=== Given data ===
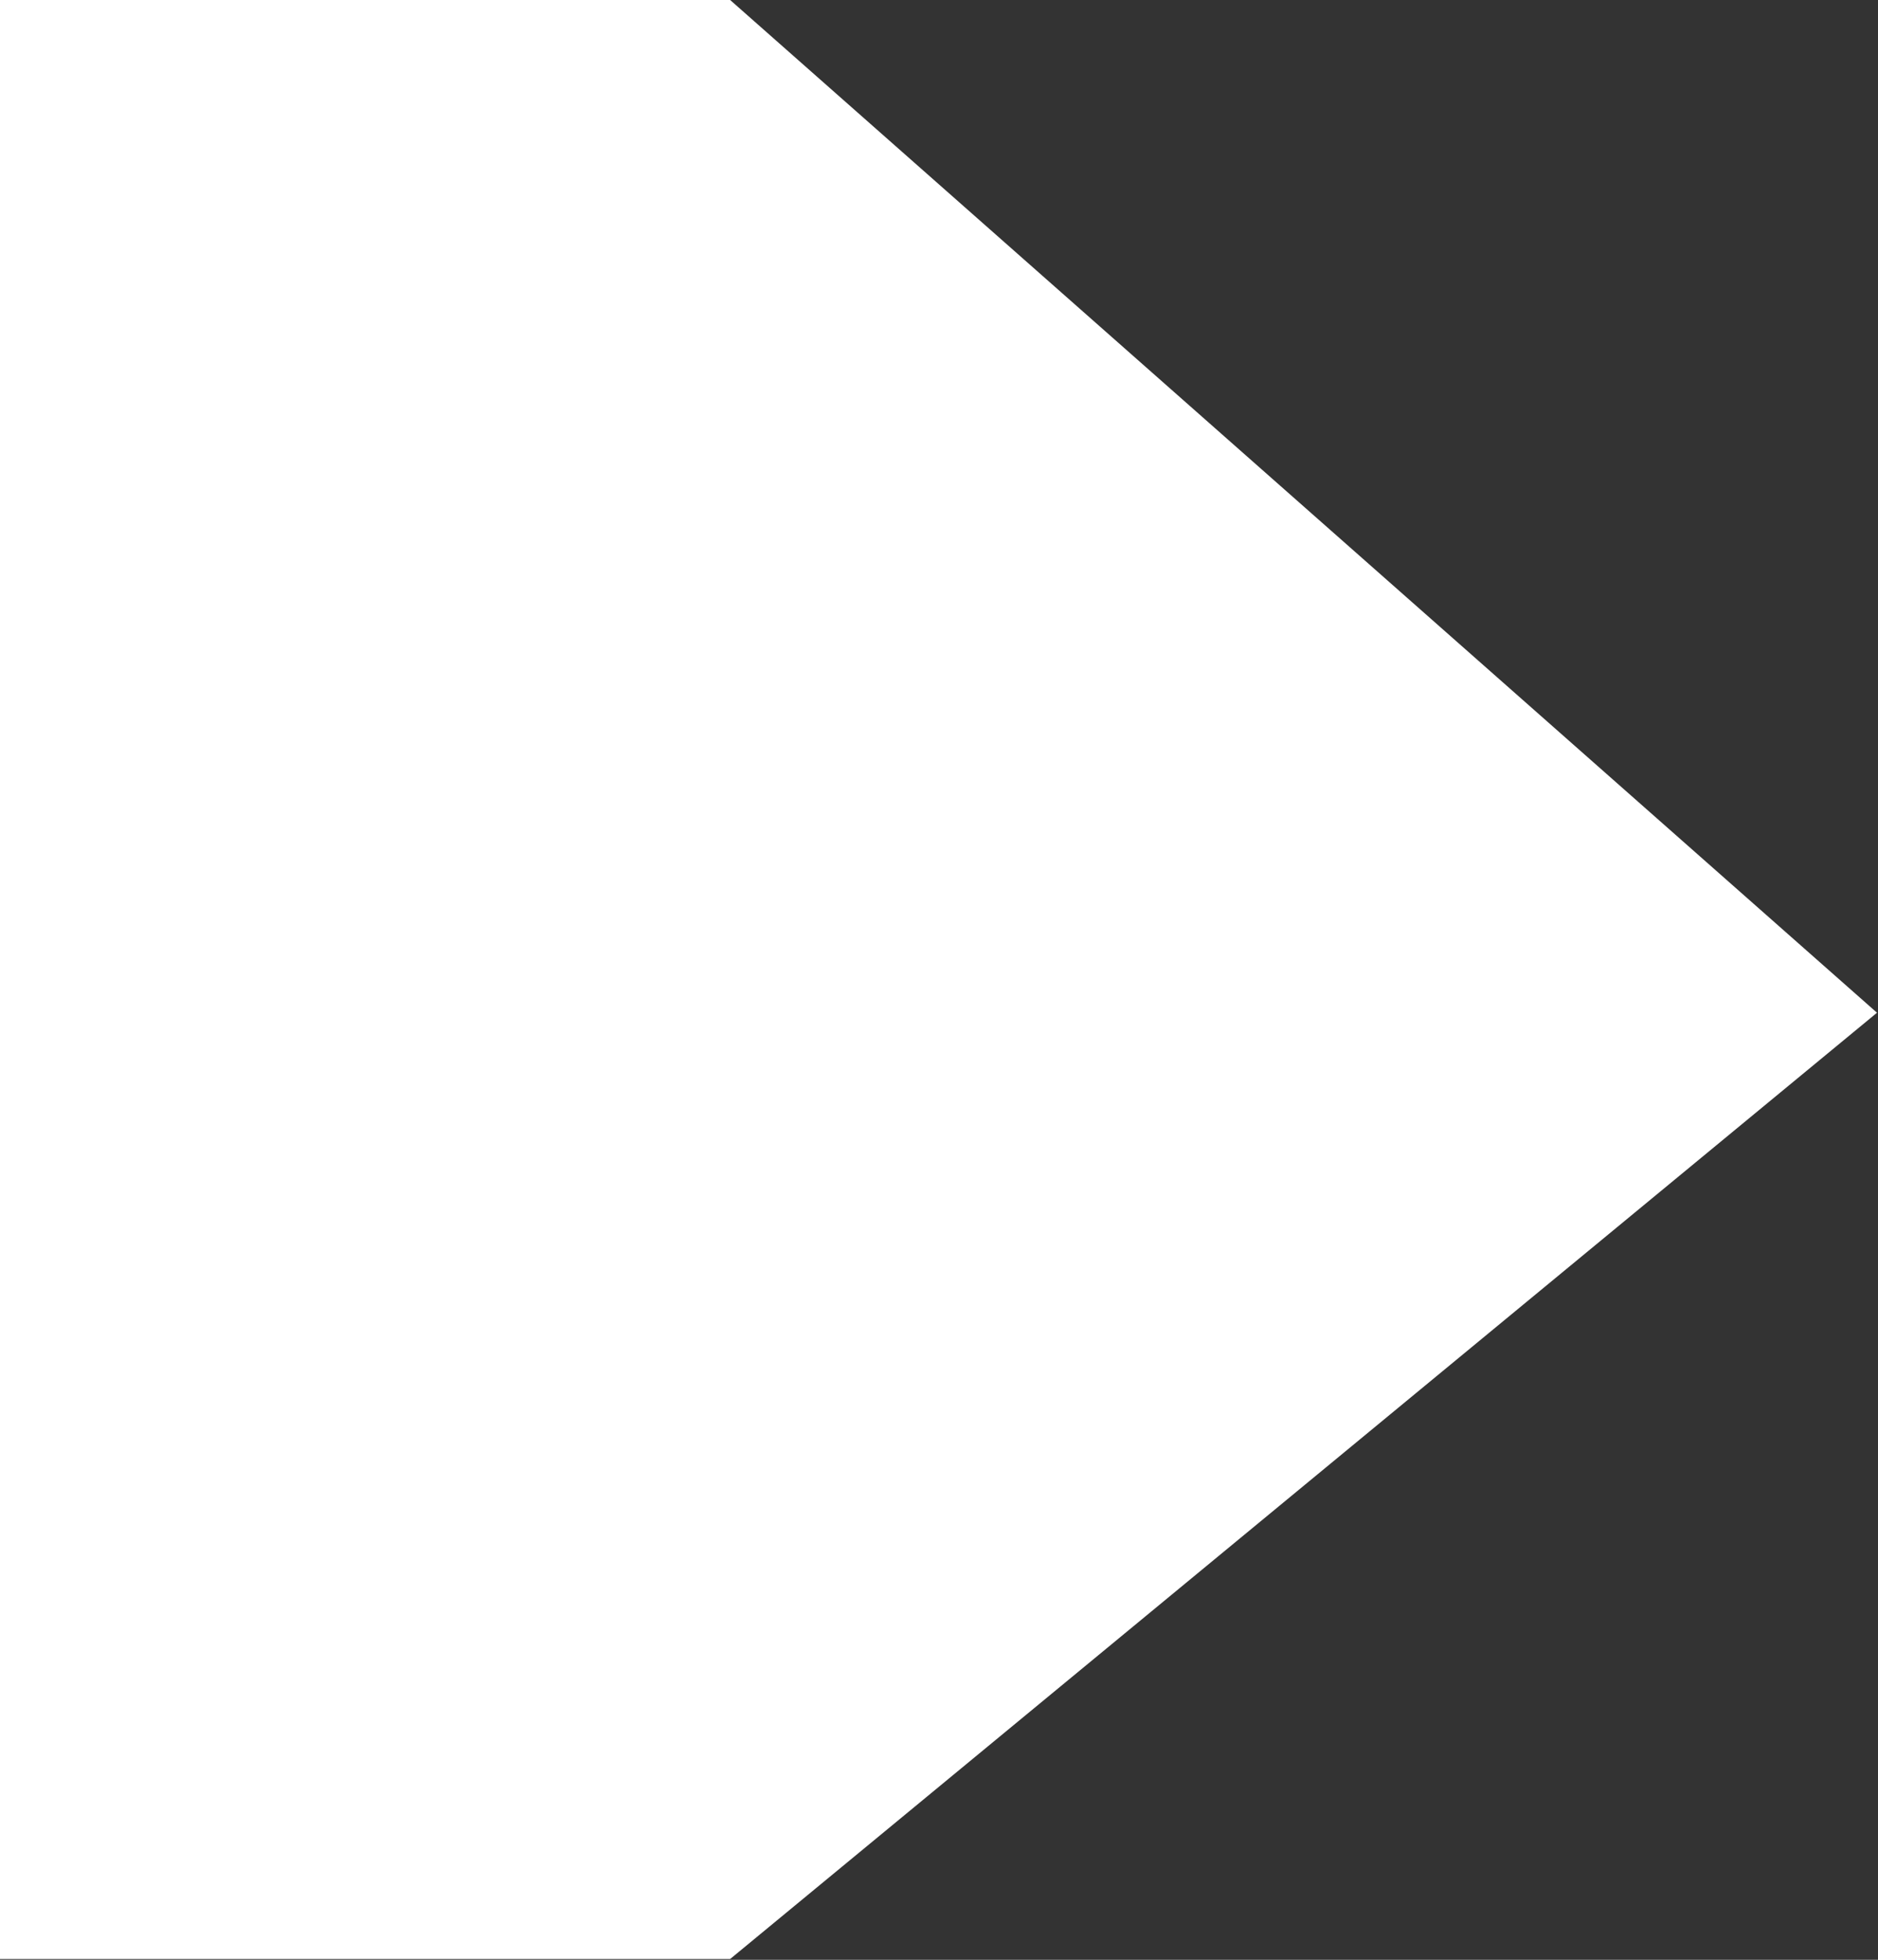 <?xml version="1.0" encoding="UTF-8"?> <svg xmlns="http://www.w3.org/2000/svg" width="1439" height="1501" viewBox="0 0 1439 1501" fill="none"><rect x="0" y="0" width="1439" height="1501" fill="#333333" stroke="none"/><path d="M559.46 1500.41C935.18 1190.53 1438.23 775.65 1438.23 775.65L559.46 0H0V1500.41" fill="white"></path></svg> 
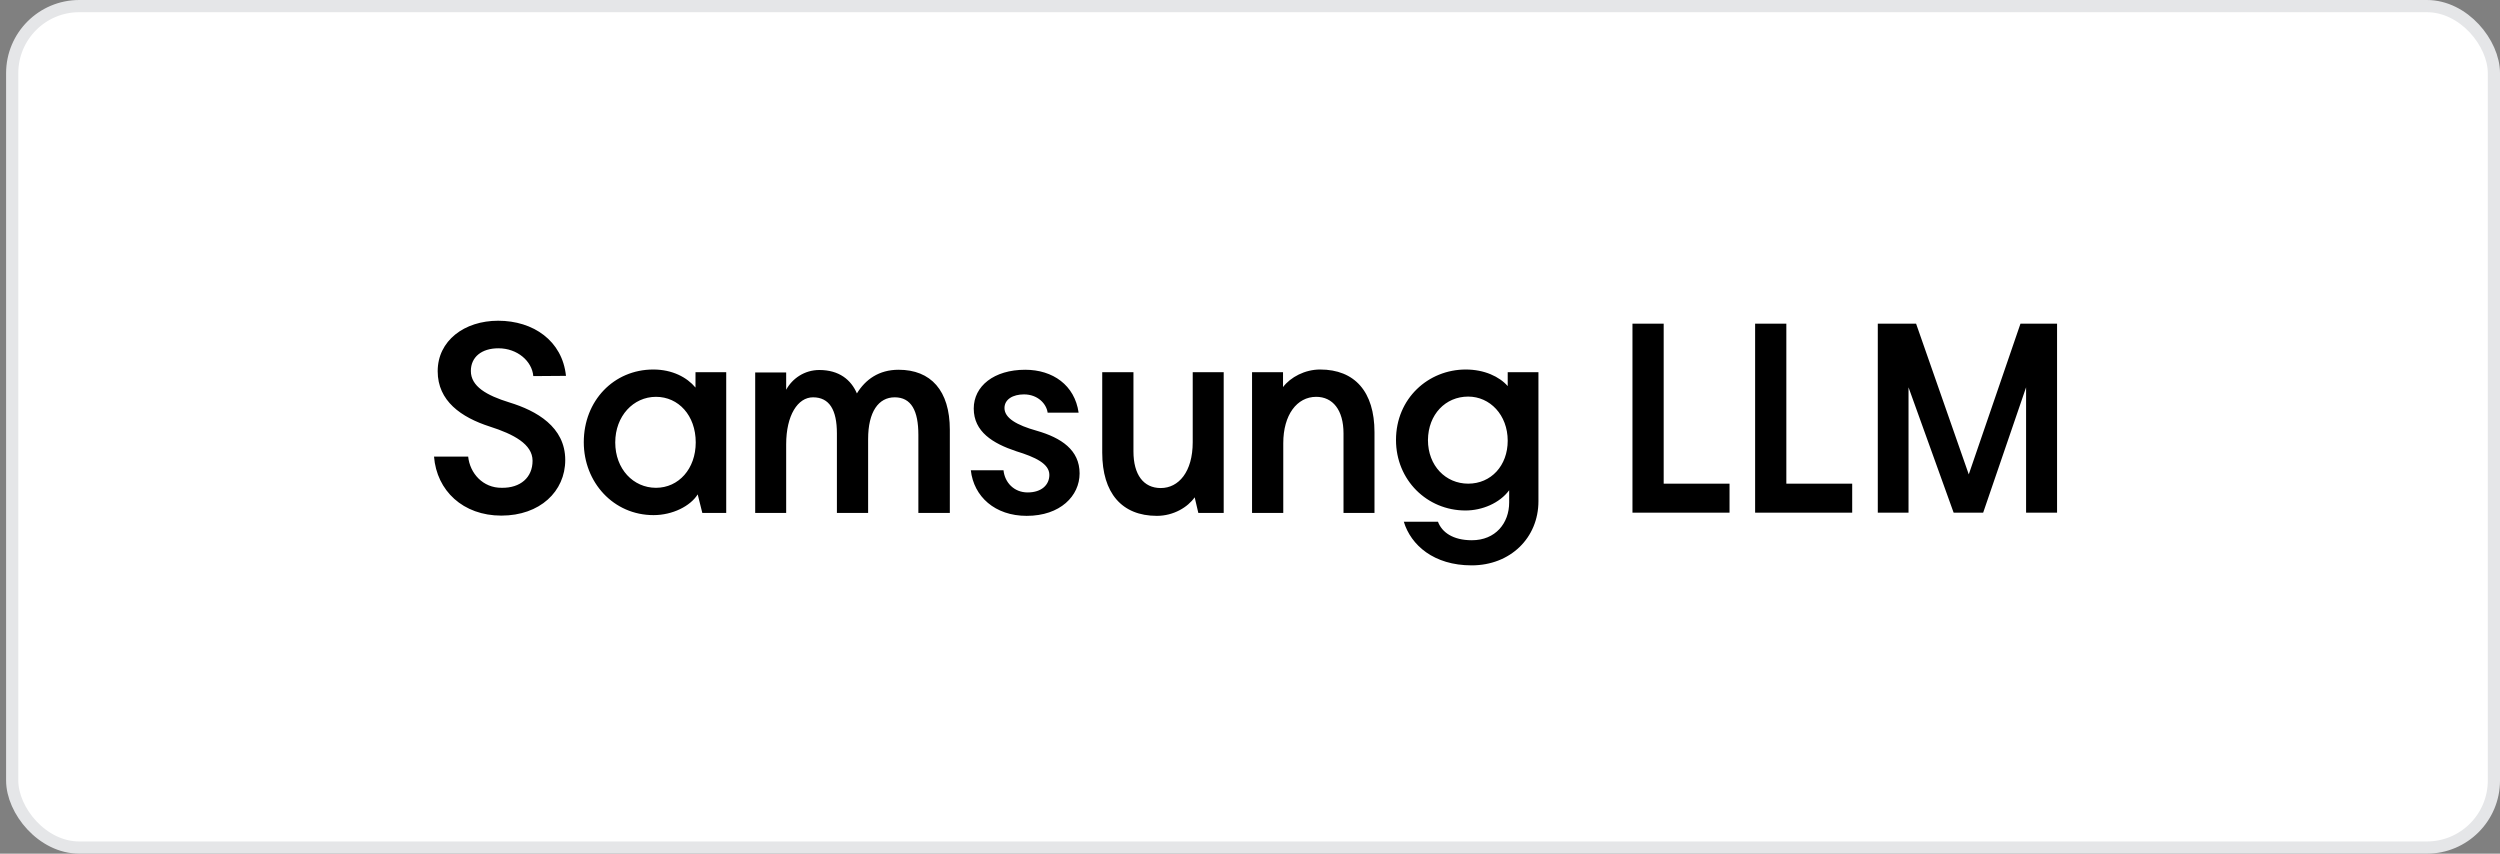 <svg width="205" height="70" viewBox="0 0 205 70" fill="none" xmlns="http://www.w3.org/2000/svg">
<rect x="0" y="0" width="205" height="70" fill="#808080" stroke="none"/>
<rect x="1" y="0.5" width="203.5" height="69" rx="5.5" fill="white"/>
<rect x="1" y="0.5" width="203.5" height="69" rx="5.5" stroke="#E5E6E8"/>
<path d="M41.11 42.28C37.97 42.28 35.81 40.24 35.59 37.44H38.39C38.53 38.8 39.59 40.02 41.15 40C42.67 40.02 43.67 39.16 43.67 37.78C43.67 36.42 42.11 35.6 40.17 34.98C37.81 34.22 35.89 32.88 35.89 30.44C35.89 27.94 38.07 26.3 40.85 26.3C43.73 26.3 46.11 27.94 46.41 30.82L43.73 30.84C43.63 29.62 42.43 28.56 40.87 28.56C39.49 28.56 38.61 29.28 38.61 30.42C38.61 31.68 39.89 32.42 41.77 33C43.99 33.68 46.35 35 46.35 37.72C46.35 40.3 44.27 42.28 41.11 42.28ZM53.59 42.24C50.31 42.24 47.87 39.56 47.87 36.26C47.87 32.86 50.331 30.3 53.571 30.3C55.13 30.3 56.331 30.94 57.031 31.78V30.52H59.55V42.06H57.59L57.211 40.54C56.611 41.5 55.151 42.24 53.59 42.24ZM53.791 40C55.651 40 57.05 38.44 57.05 36.28C57.05 34.06 55.63 32.54 53.791 32.54C51.931 32.54 50.45 34.12 50.45 36.28C50.45 38.46 51.931 40 53.791 40ZM61.926 42.06V30.54H64.466V31.96C64.966 31.04 65.966 30.34 67.186 30.34C68.806 30.34 69.786 31.14 70.266 32.26C70.966 31.12 72.066 30.32 73.686 30.32C76.326 30.32 77.886 32.02 77.886 35.24V42.06H75.306V35.66C75.306 33.68 74.726 32.58 73.366 32.58C72.046 32.58 71.186 33.76 71.186 36V42.06H68.626V35.54C68.626 33.6 68.006 32.58 66.666 32.58C65.426 32.58 64.466 34.04 64.466 36.44V42.06H61.926ZM84.187 42.3C81.587 42.3 79.847 40.72 79.607 38.56H82.287C82.387 39.56 83.147 40.38 84.267 40.38C85.407 40.38 86.047 39.76 86.047 38.94C86.047 38.02 84.887 37.48 83.327 37C81.407 36.36 79.847 35.4 79.847 33.5C79.847 31.66 81.507 30.32 84.067 30.32C86.327 30.32 88.127 31.58 88.447 33.84H85.907C85.807 33.1 85.087 32.34 83.967 32.34C83.067 32.34 82.367 32.74 82.367 33.46C82.367 34.28 83.367 34.86 85.007 35.32C87.027 35.9 88.527 36.9 88.527 38.82C88.527 40.66 86.947 42.3 84.187 42.3ZM94.863 42.3C91.983 42.3 90.383 40.42 90.383 37.12V30.52H92.943V37.02C92.943 38.92 93.763 40.02 95.183 40.02C96.643 40.02 97.803 38.7 97.803 36.26V30.52H100.343V42.06H98.263L97.963 40.78C97.403 41.58 96.243 42.3 94.863 42.3ZM108.248 30.3C111.088 30.3 112.708 32.12 112.708 35.44V42.06H110.168V35.54C110.168 33.62 109.288 32.54 107.928 32.54C106.348 32.54 105.228 34.02 105.228 36.34V42.06H102.668V30.52H105.208V31.74C105.828 30.92 107.008 30.3 108.248 30.3ZM120.172 41.86C117.012 41.86 114.472 39.36 114.472 36.08C114.472 32.66 117.132 30.3 120.192 30.3C121.712 30.3 122.952 30.88 123.632 31.66V30.52H126.152V41.1C126.152 44.1 123.852 46.36 120.672 46.36C117.572 46.36 115.692 44.7 115.112 42.78H117.912C118.232 43.64 119.132 44.3 120.692 44.3C122.632 44.3 123.752 42.9 123.752 41.2V40.2C122.972 41.26 121.532 41.86 120.172 41.86ZM120.392 39.66C122.272 39.66 123.632 38.18 123.632 36.14C123.632 34.02 122.172 32.52 120.392 32.52C118.532 32.52 117.112 33.98 117.092 36.08C117.092 38.2 118.552 39.66 120.392 39.66ZM133.862 42.04V26.54H136.422V39.66H141.822V42.04H133.862ZM143.92 42.04V26.54H146.48V39.66H151.88V42.04H143.92ZM162.619 42.04H160.199L156.499 31.76V42.04H153.979V26.54H157.119L161.439 38.9L165.679 26.54H168.679V42.04H166.139V31.76L162.619 42.04Z" fill="black"/>
</svg>

=== Task description ===
Write out every entry above exactly as it stands, minus the pictures.

=== Solution to this task ===
 <?xml version="1.0" encoding="UTF-8"?> <svg xmlns="http://www.w3.org/2000/svg" width="1439" height="1501" viewBox="0 0 1439 1501" fill="none"><rect x="0" y="0" width="1439" height="1501" fill="#333333" stroke="none"/><path d="M559.46 1500.41C935.18 1190.53 1438.23 775.65 1438.23 775.65L559.46 0H0V1500.41" fill="white"></path></svg> 
 <svg width="205" height="70" viewBox="0 0 205 70" fill="none" xmlns="http://www.w3.org/2000/svg">
<rect x="0" y="0" width="205" height="70" fill="#808080" stroke="none"/>
<rect x="1" y="0.5" width="203.5" height="69" rx="5.5" fill="white"/>
<rect x="1" y="0.5" width="203.5" height="69" rx="5.5" stroke="#E5E6E8"/>
<path d="M41.11 42.28C37.97 42.28 35.81 40.24 35.59 37.44H38.39C38.53 38.8 39.59 40.02 41.15 40C42.67 40.02 43.67 39.16 43.67 37.78C43.67 36.42 42.11 35.6 40.17 34.98C37.81 34.22 35.89 32.88 35.89 30.44C35.89 27.94 38.07 26.3 40.85 26.3C43.73 26.3 46.11 27.94 46.41 30.82L43.73 30.84C43.63 29.62 42.43 28.56 40.87 28.56C39.49 28.56 38.61 29.28 38.61 30.42C38.61 31.68 39.89 32.42 41.77 33C43.99 33.68 46.35 35 46.35 37.72C46.35 40.3 44.27 42.28 41.11 42.28ZM53.59 42.24C50.31 42.24 47.87 39.56 47.87 36.26C47.87 32.86 50.331 30.3 53.571 30.3C55.13 30.3 56.331 30.94 57.031 31.78V30.52H59.55V42.06H57.59L57.211 40.54C56.611 41.5 55.151 42.24 53.59 42.24ZM53.791 40C55.651 40 57.05 38.44 57.05 36.28C57.05 34.06 55.63 32.54 53.791 32.54C51.931 32.54 50.45 34.12 50.45 36.28C50.45 38.46 51.931 40 53.791 40ZM61.926 42.06V30.54H64.466V31.96C64.966 31.04 65.966 30.34 67.186 30.34C68.806 30.34 69.786 31.14 70.266 32.26C70.966 31.12 72.066 30.32 73.686 30.32C76.326 30.32 77.886 32.02 77.886 35.24V42.06H75.306V35.66C75.306 33.68 74.726 32.58 73.366 32.58C72.046 32.58 71.186 33.76 71.186 36V42.06H68.626V35.54C68.626 33.6 68.006 32.58 66.666 32.58C65.426 32.58 64.466 34.04 64.466 36.44V42.06H61.926ZM84.187 42.3C81.587 42.3 79.847 40.72 79.607 38.56H82.287C82.387 39.56 83.147 40.38 84.267 40.38C85.407 40.38 86.047 39.76 86.047 38.94C86.047 38.02 84.887 37.48 83.327 37C81.407 36.36 79.847 35.4 79.847 33.5C79.847 31.66 81.507 30.32 84.067 30.32C86.327 30.32 88.127 31.58 88.447 33.84H85.907C85.807 33.1 85.087 32.34 83.967 32.34C83.067 32.34 82.367 32.74 82.367 33.46C82.367 34.28 83.367 34.86 85.007 35.32C87.027 35.9 88.527 36.9 88.527 38.82C88.527 40.66 86.947 42.3 84.187 42.3ZM94.863 42.3C91.983 42.3 90.383 40.42 90.383 37.12V30.52H92.943V37.02C92.943 38.92 93.763 40.02 95.183 40.02C96.643 40.02 97.803 38.7 97.803 36.26V30.52H100.343V42.06H98.263L97.963 40.78C97.403 41.58 96.243 42.3 94.863 42.3ZM108.248 30.3C111.088 30.3 112.708 32.12 112.708 35.44V42.06H110.168V35.54C110.168 33.62 109.288 32.54 107.928 32.54C106.348 32.54 105.228 34.02 105.228 36.34V42.06H102.668V30.52H105.208V31.74C105.828 30.92 107.008 30.3 108.248 30.3ZM120.172 41.86C117.012 41.86 114.472 39.36 114.472 36.08C114.472 32.66 117.132 30.3 120.192 30.3C121.712 30.3 122.952 30.88 123.632 31.66V30.52H126.152V41.1C126.152 44.1 123.852 46.36 120.672 46.36C117.572 46.36 115.692 44.7 115.112 42.78H117.912C118.232 43.64 119.132 44.3 120.692 44.3C122.632 44.3 123.752 42.9 123.752 41.2V40.2C122.972 41.26 121.532 41.86 120.172 41.86ZM120.392 39.66C122.272 39.66 123.632 38.18 123.632 36.14C123.632 34.02 122.172 32.52 120.392 32.52C118.532 32.52 117.112 33.98 117.092 36.08C117.092 38.2 118.552 39.66 120.392 39.66ZM133.862 42.04V26.54H136.422V39.66H141.822V42.04H133.862ZM143.92 42.04V26.54H146.48V39.66H151.88V42.04H143.92ZM162.619 42.04H160.199L156.499 31.76V42.04H153.979V26.54H157.119L161.439 38.9L165.679 26.54H168.679V42.04H166.139V31.76L162.619 42.04Z" fill="black"/>
</svg>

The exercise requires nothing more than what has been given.